Input data START

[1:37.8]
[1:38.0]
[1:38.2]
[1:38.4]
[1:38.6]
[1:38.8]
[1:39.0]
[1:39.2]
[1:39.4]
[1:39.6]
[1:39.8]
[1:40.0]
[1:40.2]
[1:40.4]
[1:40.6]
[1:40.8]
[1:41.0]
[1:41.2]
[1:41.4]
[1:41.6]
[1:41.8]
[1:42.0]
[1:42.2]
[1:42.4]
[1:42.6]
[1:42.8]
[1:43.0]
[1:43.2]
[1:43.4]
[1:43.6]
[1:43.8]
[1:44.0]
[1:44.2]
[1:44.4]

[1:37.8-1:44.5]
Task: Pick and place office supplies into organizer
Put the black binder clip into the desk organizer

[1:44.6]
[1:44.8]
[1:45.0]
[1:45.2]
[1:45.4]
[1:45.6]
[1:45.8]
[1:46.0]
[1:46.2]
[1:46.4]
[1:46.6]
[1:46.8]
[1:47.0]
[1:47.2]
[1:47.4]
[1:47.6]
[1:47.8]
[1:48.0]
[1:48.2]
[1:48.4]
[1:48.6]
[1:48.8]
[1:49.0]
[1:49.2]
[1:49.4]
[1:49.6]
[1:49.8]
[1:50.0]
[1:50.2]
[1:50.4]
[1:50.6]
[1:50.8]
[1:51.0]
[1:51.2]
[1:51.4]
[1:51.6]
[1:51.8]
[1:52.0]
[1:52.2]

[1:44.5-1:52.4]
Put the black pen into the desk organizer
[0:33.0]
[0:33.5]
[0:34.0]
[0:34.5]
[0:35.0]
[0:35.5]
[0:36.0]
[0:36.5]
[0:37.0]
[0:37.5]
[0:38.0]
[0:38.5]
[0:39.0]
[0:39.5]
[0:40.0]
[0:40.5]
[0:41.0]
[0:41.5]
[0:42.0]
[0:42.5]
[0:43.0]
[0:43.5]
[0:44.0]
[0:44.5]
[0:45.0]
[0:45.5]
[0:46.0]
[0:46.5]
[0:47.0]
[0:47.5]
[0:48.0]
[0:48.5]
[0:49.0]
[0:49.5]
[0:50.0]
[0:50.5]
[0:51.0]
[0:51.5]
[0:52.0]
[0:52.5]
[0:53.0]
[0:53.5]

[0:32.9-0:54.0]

Input data END

• Aim of the exercise: Output the entries exactly. Leave nothing out.

• Answer box:
[1:37.8]
[1:38.0]
[1:38.2]
[1:38.4]
[1:38.6]
[1:38.8]
[1:39.0]
[1:39.2]
[1:39.4]
[1:39.6]
[1:39.8]
[1:40.0]
[1:40.2]
[1:40.4]
[1:40.6]
[1:40.8]
[1:41.0]
[1:41.2]
[1:41.4]
[1:41.6]
[1:41.8]
[1:42.0]
[1:42.2]
[1:42.4]
[1:42.6]
[1:42.8]
[1:43.0]
[1:43.2]
[1:43.4]
[1:43.6]
[1:43.8]
[1:44.0]
[1:44.2]
[1:44.4]

[1:37.8-1:44.5]
Task: Pick and place office supplies into organizer
Put the black binder clip into the desk organizer

[1:44.6]
[1:44.8]
[1:45.0]
[1:45.2]
[1:45.4]
[1:45.6]
[1:45.8]
[1:46.0]
[1:46.2]
[1:46.4]
[1:46.6]
[1:46.8]
[1:47.0]
[1:47.2]
[1:47.4]
[1:47.6]
[1:47.8]
[1:48.0]
[1:48.2]
[1:48.4]
[1:48.6]
[1:48.8]
[1:49.0]
[1:49.2]
[1:49.4]
[1:49.6]
[1:49.8]
[1:50.0]
[1:50.2]
[1:50.4]
[1:50.6]
[1:50.8]
[1:51.0]
[1:51.2]
[1:51.4]
[1:51.6]
[1:51.8]
[1:52.0]
[1:52.2]

[1:44.5-1:52.4]
Put the black pen into the desk organizer
[0:33.0]
[0:33.5]
[0:34.0]
[0:34.5]
[0:35.0]
[0:35.5]
[0:36.0]
[0:36.5]
[0:37.0]
[0:37.5]
[0:38.0]
[0:38.5]
[0:39.0]
[0:39.5]
[0:40.0]
[0:40.5]
[0:41.0]
[0:41.5]
[0:42.0]
[0:42.5]
[0:43.0]
[0:43.5]
[0:44.0]
[0:44.5]
[0:45.0]
[0:45.5]
[0:46.0]
[0:46.5]
[0:47.0]
[0:47.5]
[0:48.0]
[0:48.5]
[0:49.0]
[0:49.5]
[0:50.0]
[0:50.5]
[0:51.0]
[0:51.5]
[0:52.0]
[0:52.5]
[0:53.0]
[0:53.5]

[0:32.9-0:54.0]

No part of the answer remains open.